The principal argument is devoted to the fact that a list of 42 complaints of a criminal nature was presented to the judge as part of the social history and that he must have been influenced by it.

Appellant cites, in support of his claim, People v. Crews, 38 Ill.2d 331, 231 N.E.2d, 451 which concerned the conduct of a hearing in aggravation and mitigation under the Criminal Code. His reliance is misplaced— he had no hearing in aggravation and mitigation. He had a dispositional hearing as provided by statute.

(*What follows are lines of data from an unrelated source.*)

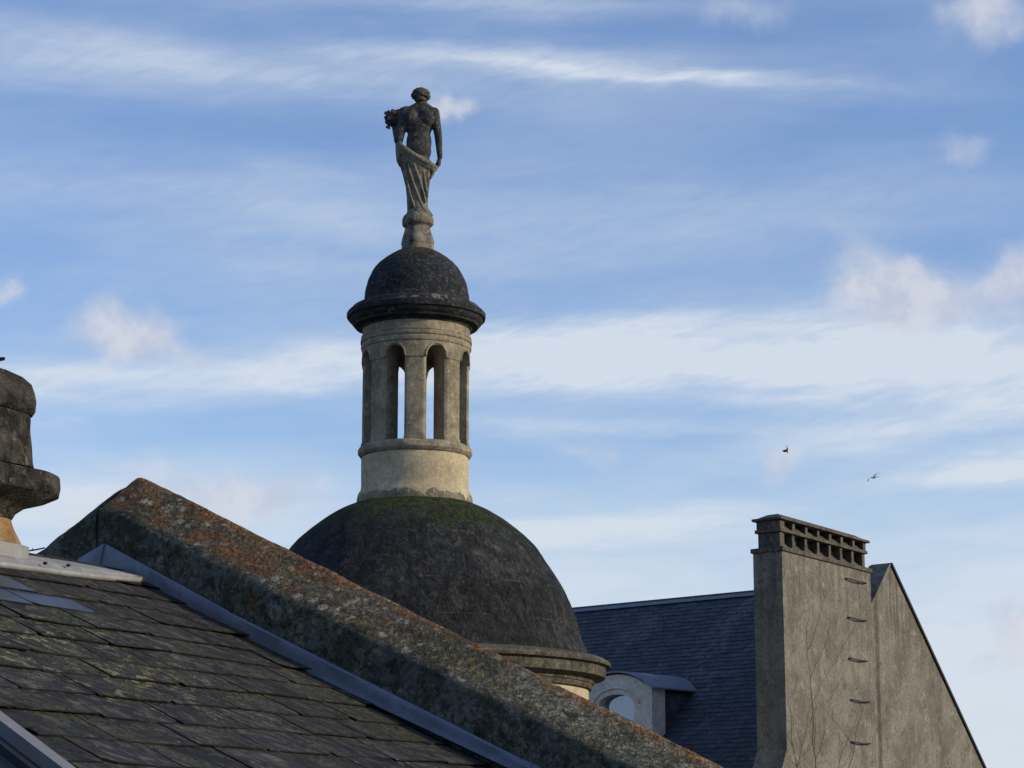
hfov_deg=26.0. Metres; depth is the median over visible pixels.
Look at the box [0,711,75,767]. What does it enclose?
roof window
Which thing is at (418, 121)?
statue
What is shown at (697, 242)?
sky
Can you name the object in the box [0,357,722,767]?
slate roofed house
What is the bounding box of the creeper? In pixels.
[787,574,863,767]
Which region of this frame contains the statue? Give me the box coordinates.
[384,87,441,249]
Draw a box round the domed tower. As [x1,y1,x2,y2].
[289,247,610,699]
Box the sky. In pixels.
[0,0,1023,767]
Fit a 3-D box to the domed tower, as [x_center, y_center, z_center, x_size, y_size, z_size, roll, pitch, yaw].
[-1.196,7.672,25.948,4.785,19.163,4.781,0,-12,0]
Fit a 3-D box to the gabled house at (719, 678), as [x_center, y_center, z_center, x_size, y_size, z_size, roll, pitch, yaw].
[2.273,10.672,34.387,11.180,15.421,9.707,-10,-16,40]
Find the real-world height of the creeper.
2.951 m
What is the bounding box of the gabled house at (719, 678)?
[572,514,986,767]

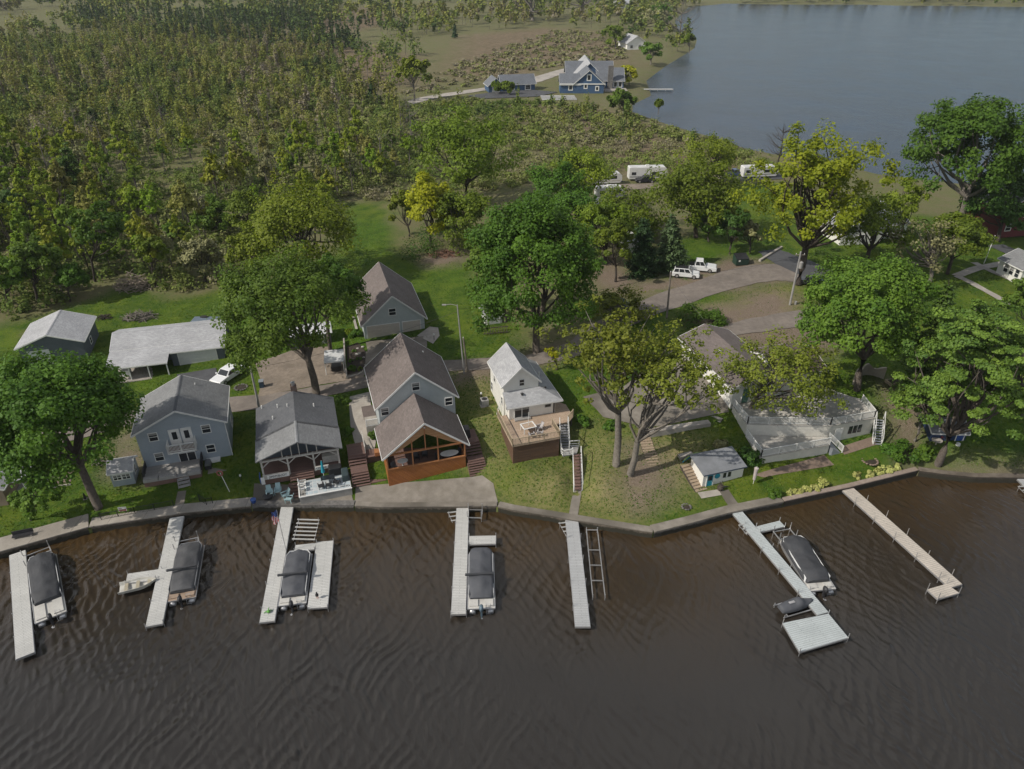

*572It must also be remembered that there was no objection by appellant’s lawyer. “The statute gives the juvenile corut judge a great deal of discretion regarding the conduct of a dispositional hearing. This is as it should be. Under the stated facts of this case, we can find no evidence that the lower court abused its discretion to any degree even approaching prejudicial, reversible error”. People v. Perry (Ill.App.2d), 270 N.E.2d 272.

The last contention of appellant is that he was denied due process of law when (a) he was incarcerated because of his parents neglect and (b) the court’s refusal to pay for a proper care facility. The first is a specious argument which has no basis in law. Richard was incarcerated because he was delinquent, was a runaway, and because guidance was impossible without confinement. In refusing to authorize placement in Brown’s School for Boys at $950.00 or more per month the court was exercising its discretion in “serving the interests of the minor, and the public”. We are unable to say that the court abused its discretion in so refusing. .

To sum up — the arguments advanced here seek to equate a juvenile delinquent’s dispositional hearing with a criminal trial. Whether they should be so equated is the real issue here. “Concern about the inapplicability of exclusionary and other rules of evidence, about the juvenile court judge’s possible awareness of the juvenile’s prior record and about the contents of the social file; * * * chooses to ignore, it seems to us, every aspect of fairness, of concern, of sympathy and of paternal attention that the juvenile court system contemplates. If the formalities of the criminal process are to be superimposed upon the juvenile court system, there is little need for its separate existence. Perhaps that ultimate disillusionment will come one day, but for the moment we are disinclined to give impetus to it.” McKeiver v. Pennsylvania, supra.

Judgment affirmed.

STOUDER, P. J., and SCOTT, J., concur.